Wednesday, June 15, 2016

Constitutional law: playing poker with a card sharp

sI am currently reviewing several cases coming from federal courts where constitutional rights (4th Amendment search and seizure of home in one case and denial of habeas corpus review in another) were denied because constitutional rights were not "clearly established" prior to that time.

Well, 4th Amendment is "clearly established" from the date of enactment of the 4th Amendment, and so is the right to habeas corpus relief, which is only to be suspended at times of war.

But, federal courts require more than that - that the particular circumstances under which such rights are violated (the 4th Amendment or other constitutional violations challenged through a civil rights action or habeas corpus petitions) must be also recognized as violation of those particulars constitutional rights in precisely the context in which the violation happened to the present challenger.

That kind of specificity, of course, is not required by either the Civil Rights Act.

Yet, since recent times, it was included into the so-called "Anti-terrorism and Effective Death Penalty Act" which encompasses ALL habeas petitions, even those not related to either terrorism or death penalty cases.

In 2015, the 9th Circuit made an extremely bad decision of denying relief in a civil rights action where child protective services, together with police, came to a home to investigate allegedly unsafe conditions in the home pursuant to a 2-month old anonymous report and demanded access to the house and warrantless search of the house.

The parents' confrontation with CPS reportedly occurred in 2004 (the lawsuit was filed in 2005, this is the way litigation is dragged on through courts sometimes).

The police eventually backed off and did not demand the search of the home, after the parents called their attorney and the attorney talked to the police.

The CPS raged on and, based on an anonymous report that CPS did not investigate for 2 months, and based on parents assertion of their 4th Amendment rights, CPS offered the parents a "choice" - to allow search of the home, or to surrender their children, and wrote up immediately the CPS custody paperwork without a court order (allowed in that state in emergency situations). 

The case was hardly an emergency, but CPS could nevertheless first take and traumatize the children, and leave parents argue unlawfulness of the taking for months or years in court.

The parents spared the children and allowed the search - and then sued.

The federal court claimed that they did that after consultation with an attorney, that constituted consent, and that the duress parents were put under by the CPS was not a violation of the 4th Amendment or due process rights that was "clearly established previously".

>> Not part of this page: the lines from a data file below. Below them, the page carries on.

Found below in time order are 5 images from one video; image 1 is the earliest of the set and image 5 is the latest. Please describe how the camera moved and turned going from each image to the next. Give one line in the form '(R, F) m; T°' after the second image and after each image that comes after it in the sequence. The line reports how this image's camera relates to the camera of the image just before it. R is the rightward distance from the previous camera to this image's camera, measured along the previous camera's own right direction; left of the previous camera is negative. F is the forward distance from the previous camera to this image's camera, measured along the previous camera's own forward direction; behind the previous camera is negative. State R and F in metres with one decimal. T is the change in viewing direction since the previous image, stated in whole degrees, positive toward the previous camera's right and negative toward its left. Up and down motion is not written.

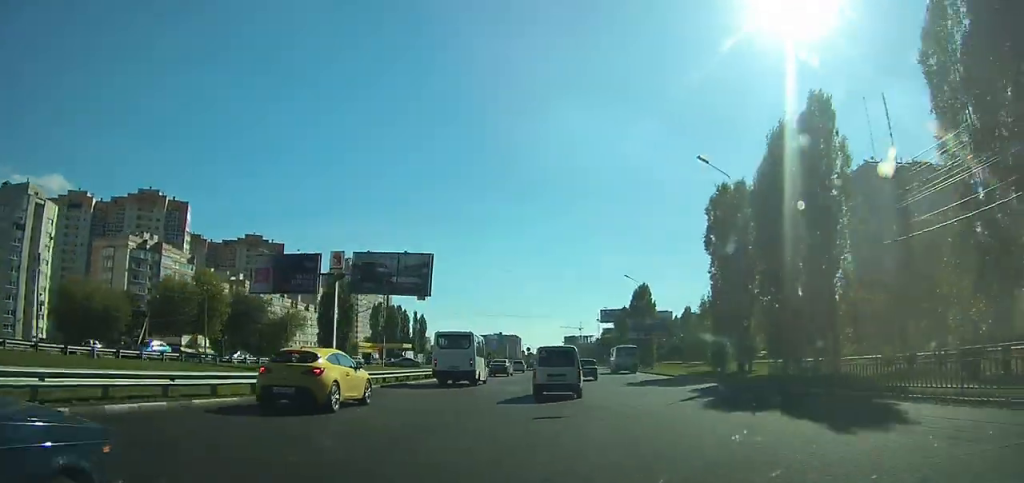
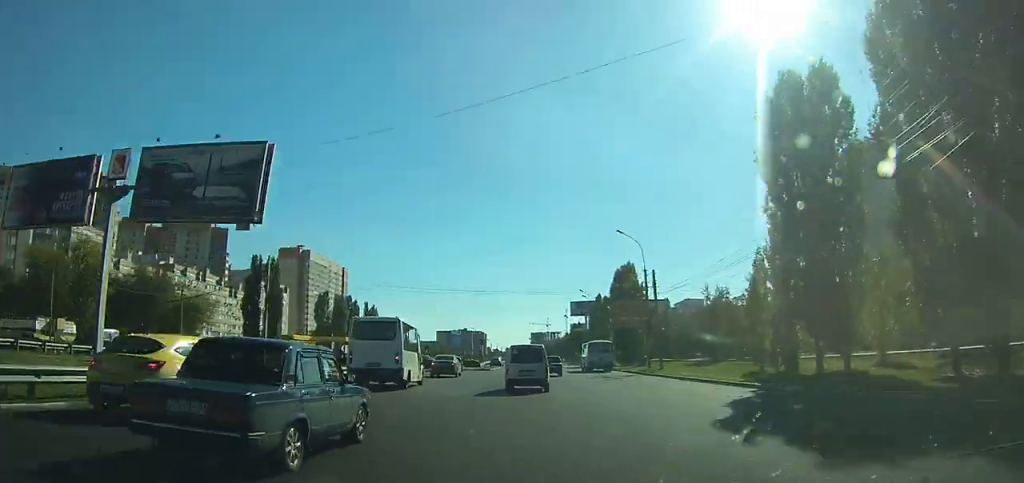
(+0.6, +22.2) m; +1°
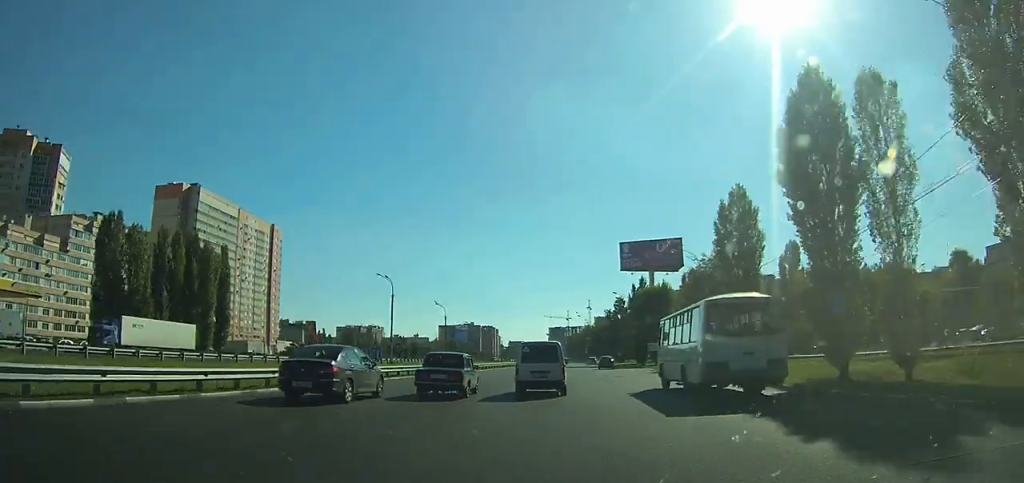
(+0.5, +106.9) m; 0°
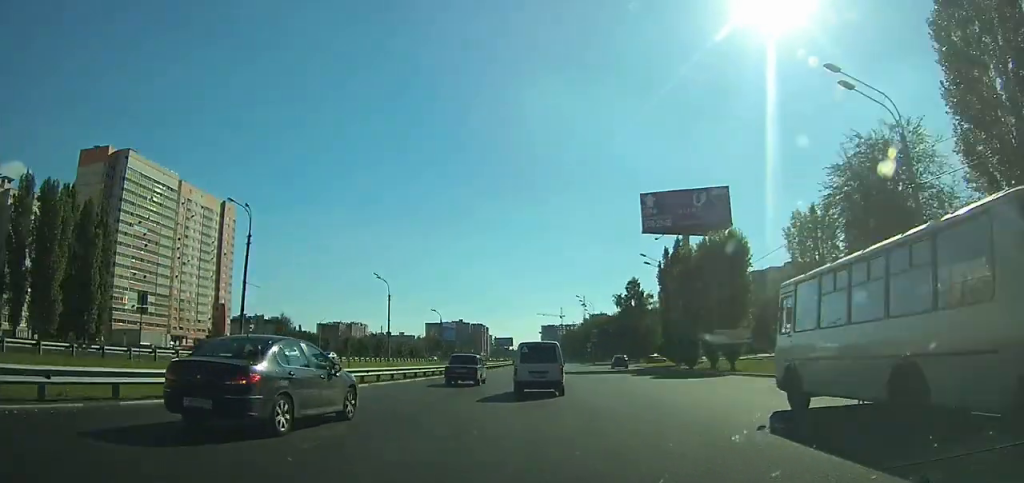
(+0.1, +34.0) m; 0°
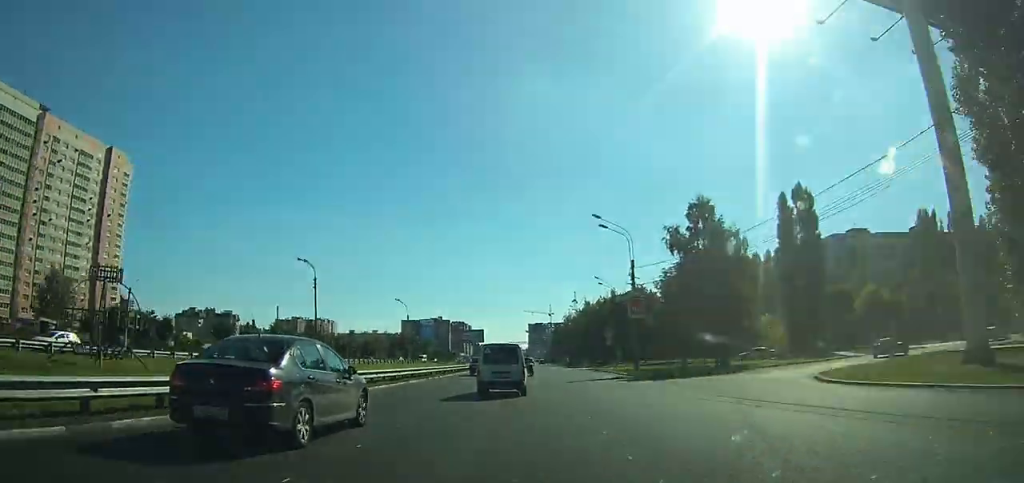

The same argument is entrenched in a statute, AEDPA, the Antiterrorism and Effective Death Penalty (once again, EFFECTIVE death penalty, figure that out) Act - no habeas corpus regarding a federal constitutional issue unless, before the violation occurred (and that could have been decades prior to the habeas petition being filed), the constitutional violation has been "clearly established" by the U.S. Supreme Court precedent.

First, such a restriction makes the U.S. Constitution look like a strobe light in a night club - it means this now, and that in second, and it meant that two seconds ago, and now this two months down the road.

Doesn't work that way.  The U.S. Constitution is what it is once and for always.  The interpretation by the U.S. Supreme Court does not change the Constitution.

If the U.S. Supreme Court took upon itself the duty of interpreting the U.S. Constitution (the duty that is nowhere to be found in the actual text of the U.S. Constitution), that is the only duty that it is - take the case and interpret it against the U.S. Constitution, not against the court's own prior interpretations of that U.S. Constitution.

And, while interpreting the U.S. Constitution, each time anew, the court needs to remember that at no time the U.S. Constitution was changed to include the U.S. Supreme Court's precedents into the Supremacy Clause, so the U.S. Supreme Court precedents are not, and have never been, the Supreme Law of the Land.

With that in mind, let's see what is happening in the habeas (death penalty and life-in-prison cases) and in civil rights cases.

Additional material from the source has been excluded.